Below are some records. Return exactly the lines from the one containing "#1373=LINE('',#10042,#1880);" through the one containing "#6706=DIRECTION('ref_axis',(0.,0.,1.));", both included, and only those.
[Material supplied — start]
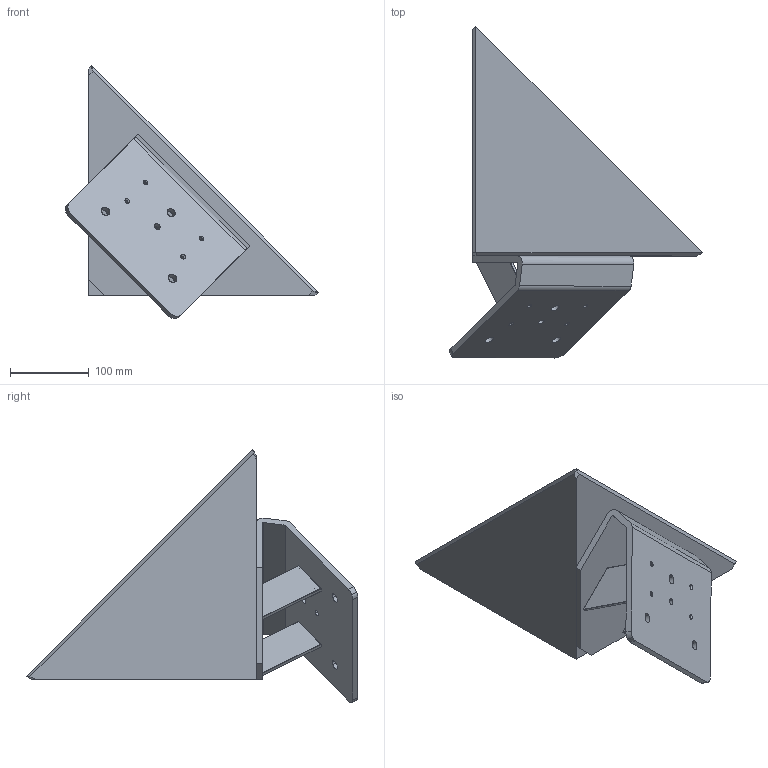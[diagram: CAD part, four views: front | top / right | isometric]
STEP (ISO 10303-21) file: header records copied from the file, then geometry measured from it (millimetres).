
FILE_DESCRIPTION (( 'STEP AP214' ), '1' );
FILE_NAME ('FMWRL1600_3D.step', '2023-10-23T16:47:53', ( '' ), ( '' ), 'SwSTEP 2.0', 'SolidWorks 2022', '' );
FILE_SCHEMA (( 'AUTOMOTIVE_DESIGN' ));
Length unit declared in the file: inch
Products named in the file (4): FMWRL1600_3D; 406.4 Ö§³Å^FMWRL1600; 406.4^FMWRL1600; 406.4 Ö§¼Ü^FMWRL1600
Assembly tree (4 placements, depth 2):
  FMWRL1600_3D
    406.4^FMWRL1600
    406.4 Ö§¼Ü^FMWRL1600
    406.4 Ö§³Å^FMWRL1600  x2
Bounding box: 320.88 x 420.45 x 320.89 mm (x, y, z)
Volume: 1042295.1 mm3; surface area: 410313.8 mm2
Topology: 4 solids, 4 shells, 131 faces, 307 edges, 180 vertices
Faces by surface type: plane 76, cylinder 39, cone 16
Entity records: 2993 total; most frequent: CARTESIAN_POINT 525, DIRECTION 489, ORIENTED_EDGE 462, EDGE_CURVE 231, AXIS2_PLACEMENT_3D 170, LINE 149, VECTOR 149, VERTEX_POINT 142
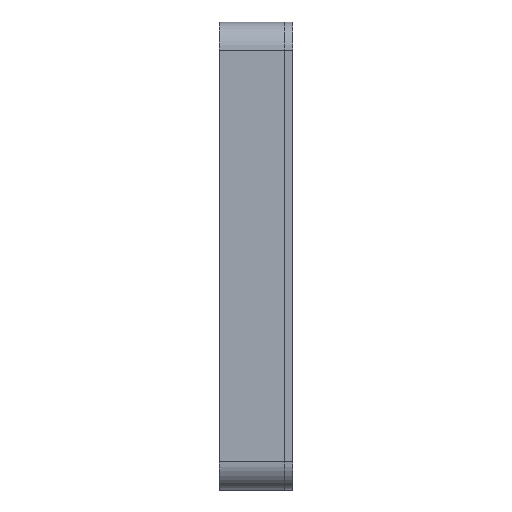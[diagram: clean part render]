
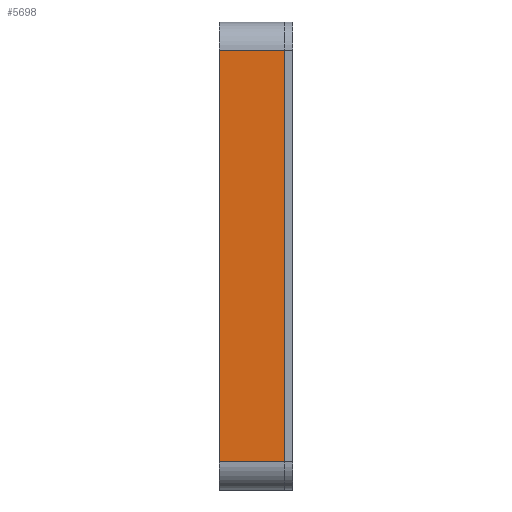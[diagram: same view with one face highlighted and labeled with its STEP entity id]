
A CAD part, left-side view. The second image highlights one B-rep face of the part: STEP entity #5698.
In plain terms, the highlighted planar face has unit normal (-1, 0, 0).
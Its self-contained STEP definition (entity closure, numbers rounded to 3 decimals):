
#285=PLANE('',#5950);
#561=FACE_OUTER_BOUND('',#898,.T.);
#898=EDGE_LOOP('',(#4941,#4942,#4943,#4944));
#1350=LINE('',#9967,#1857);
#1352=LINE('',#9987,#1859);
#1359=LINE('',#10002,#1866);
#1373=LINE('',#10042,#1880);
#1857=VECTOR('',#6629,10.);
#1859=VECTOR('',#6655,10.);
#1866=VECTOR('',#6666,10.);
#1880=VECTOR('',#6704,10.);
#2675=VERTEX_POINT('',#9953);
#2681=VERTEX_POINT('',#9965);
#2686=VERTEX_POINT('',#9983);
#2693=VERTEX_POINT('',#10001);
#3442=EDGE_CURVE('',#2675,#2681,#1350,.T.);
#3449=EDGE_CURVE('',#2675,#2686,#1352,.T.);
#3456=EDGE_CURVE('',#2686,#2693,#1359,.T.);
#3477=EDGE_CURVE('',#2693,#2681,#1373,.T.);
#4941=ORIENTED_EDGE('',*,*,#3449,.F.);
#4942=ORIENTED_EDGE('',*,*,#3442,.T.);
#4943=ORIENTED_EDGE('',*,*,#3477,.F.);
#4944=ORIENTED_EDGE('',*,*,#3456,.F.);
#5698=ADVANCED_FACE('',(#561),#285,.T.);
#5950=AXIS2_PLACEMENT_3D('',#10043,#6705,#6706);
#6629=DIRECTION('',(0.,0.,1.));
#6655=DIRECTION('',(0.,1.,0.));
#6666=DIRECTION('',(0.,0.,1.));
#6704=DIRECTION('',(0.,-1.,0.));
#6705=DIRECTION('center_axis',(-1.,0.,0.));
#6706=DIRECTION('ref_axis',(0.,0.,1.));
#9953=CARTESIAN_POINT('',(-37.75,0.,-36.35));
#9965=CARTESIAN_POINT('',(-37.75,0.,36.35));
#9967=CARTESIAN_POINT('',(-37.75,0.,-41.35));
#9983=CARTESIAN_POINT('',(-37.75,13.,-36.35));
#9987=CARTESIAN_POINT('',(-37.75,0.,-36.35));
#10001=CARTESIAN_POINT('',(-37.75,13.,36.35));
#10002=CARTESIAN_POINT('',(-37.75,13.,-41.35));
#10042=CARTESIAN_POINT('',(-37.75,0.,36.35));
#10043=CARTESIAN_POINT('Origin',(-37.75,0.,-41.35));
[Material supplied — finish]
• _Reply_
#1373=LINE('',#10042,#1880);
#1857=VECTOR('',#6629,10.);
#1859=VECTOR('',#6655,10.);
#1866=VECTOR('',#6666,10.);
#1880=VECTOR('',#6704,10.);
#2675=VERTEX_POINT('',#9953);
#2681=VERTEX_POINT('',#9965);
#2686=VERTEX_POINT('',#9983);
#2693=VERTEX_POINT('',#10001);
#3442=EDGE_CURVE('',#2675,#2681,#1350,.T.);
#3449=EDGE_CURVE('',#2675,#2686,#1352,.T.);
#3456=EDGE_CURVE('',#2686,#2693,#1359,.T.);
#3477=EDGE_CURVE('',#2693,#2681,#1373,.T.);
#4941=ORIENTED_EDGE('',*,*,#3449,.F.);
#4942=ORIENTED_EDGE('',*,*,#3442,.T.);
#4943=ORIENTED_EDGE('',*,*,#3477,.F.);
#4944=ORIENTED_EDGE('',*,*,#3456,.F.);
#5698=ADVANCED_FACE('',(#561),#285,.T.);
#5950=AXIS2_PLACEMENT_3D('',#10043,#6705,#6706);
#6629=DIRECTION('',(0.,0.,1.));
#6655=DIRECTION('',(0.,1.,0.));
#6666=DIRECTION('',(0.,0.,1.));
#6704=DIRECTION('',(0.,-1.,0.));
#6705=DIRECTION('center_axis',(-1.,0.,0.));
#6706=DIRECTION('ref_axis',(0.,0.,1.));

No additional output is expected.